Calling on Paris for value
BENJ GALLANDER and BEN STADELMANN
The Contra Guys are no strangers to world travel, and it is a pursuit that we relish. Between the two of us, every continent has been visited other than Antarctica, where we'd like to go just once and stand beneath the spectacular Milky Way and gaze at the Aurora Australis.
It's likely the less extreme climate of Europe that makes it a favourite stop. There are lots of great choices, with France ranking near the top. Not only has French culture given us enjoyable experiences to remember, but as investors we also did well via the country's main airline.

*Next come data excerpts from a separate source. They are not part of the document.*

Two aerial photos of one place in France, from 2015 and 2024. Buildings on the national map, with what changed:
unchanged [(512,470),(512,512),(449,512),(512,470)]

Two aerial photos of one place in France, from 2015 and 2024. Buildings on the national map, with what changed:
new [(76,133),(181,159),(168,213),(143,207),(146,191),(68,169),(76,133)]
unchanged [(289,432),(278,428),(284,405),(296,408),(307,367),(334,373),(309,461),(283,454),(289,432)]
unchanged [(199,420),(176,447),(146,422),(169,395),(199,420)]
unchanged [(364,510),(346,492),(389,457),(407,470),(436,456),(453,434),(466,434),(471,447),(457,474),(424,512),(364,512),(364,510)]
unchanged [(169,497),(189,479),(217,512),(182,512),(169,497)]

We first bought KLM in 2003, and it received a merger offer from Air France a few months later. The Air France–KLM combination was a winner, and in 2006 the position was sold for a delightful 317 percent gain — not counting dividends.
And so it was in November that another big French company, France Telecom, was acquired for both of the Contra the Heard portfolios. The entry points for the ADR ranged from $10.25 to $10.38. It's a classic Contra play, cherry-picking what we perceived to be the best of a beaten-down European field offering value and yield. Diversification was also a factor, as we wanted a play on the Euro.

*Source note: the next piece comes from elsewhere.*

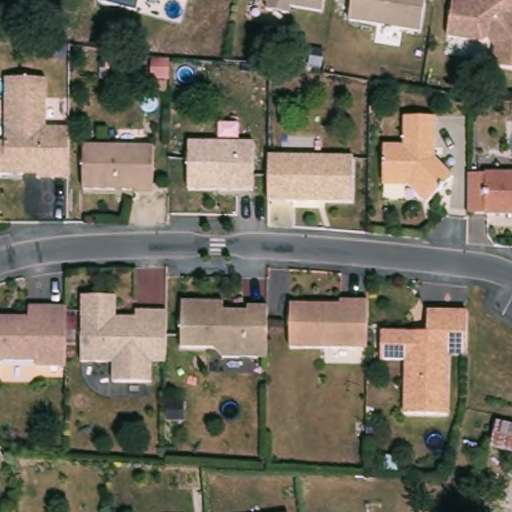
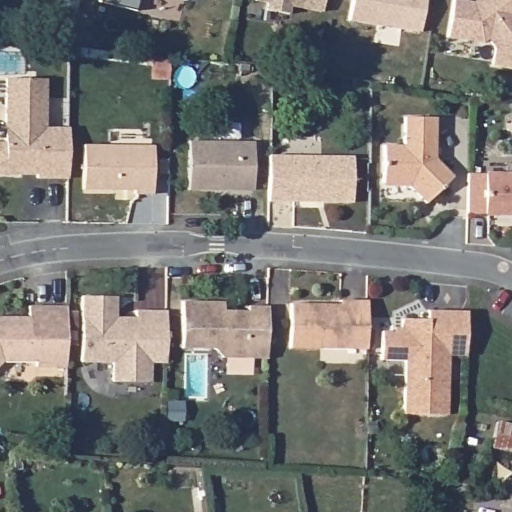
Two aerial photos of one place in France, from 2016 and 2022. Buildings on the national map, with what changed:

In making an investment in any European company today, the key issue centres on the economic events unfolding, folding and then unfolding again. As recently as May 3, the European Commission revised its February forecast, indicating the euro zone would contract by an additional 0.1 percent to 0.4 percent this year. This would mark the first two-year drop in its history.
Unemployment levels remain at record highs and investment continues to flee. That prompted the European Central Bank to cut interest rates to a record low of 0.5 percent. Yet it is calling for stability in the last half of this year, and the growth prospect for next year was raised to 1.4 percent.
When we purchased FTE, we noted that the French economy was on shaky ground and, as the country's main telecom provider, it was heavily exposed to its domestic market. To compound the pressure, competitors were being aggressive on pricing, undermining revenues and profitability. The dividend had been slashed twice in 2012, debt was high, and the balance sheet was bulging with goodwill and intangibles that could lead to possible writedowns.
Naturally, there are positives, or we would not have bought in. This is the leading company in the sector in France and Poland, with operations in numerous other countries, including Spain and the U.K. However, most of the current growth is coming from Africa.
To put France Telecom's scale into perspective, annual revenues exceed those of BCE, Rogers and Telus combined. That kind of scratch can buy a lot of sports franchises. While the debt is high on an absolute basis, the debt/equity ratio is better than for other major European telecoms.
For income seekers, there is that juicy dividend, yielding nearly 10 percent. That level usually raises a tricolour of blue, white and red flags for yield seekers, but with two deep cuts already, manageable debt, and a reasonable payout ratio, the odds for sustainability seem good. Management has stated its plan is to hold the dividend to a minimum of .80 Euros in 2013 and 2014. That is good to hear, but if operations were to worsen and earnings dwindle, being whittled down further is not out of the question.
This telecom in La Belle Pays has a long history of trading at much higher prices. Whether it will return to former glory is, of course, the big question, and investors need to examine their personal comfort zone. Our sell targets are in the mid- to high-$20s, and that is something that will likely take years, if it comes to pass. Bon courage!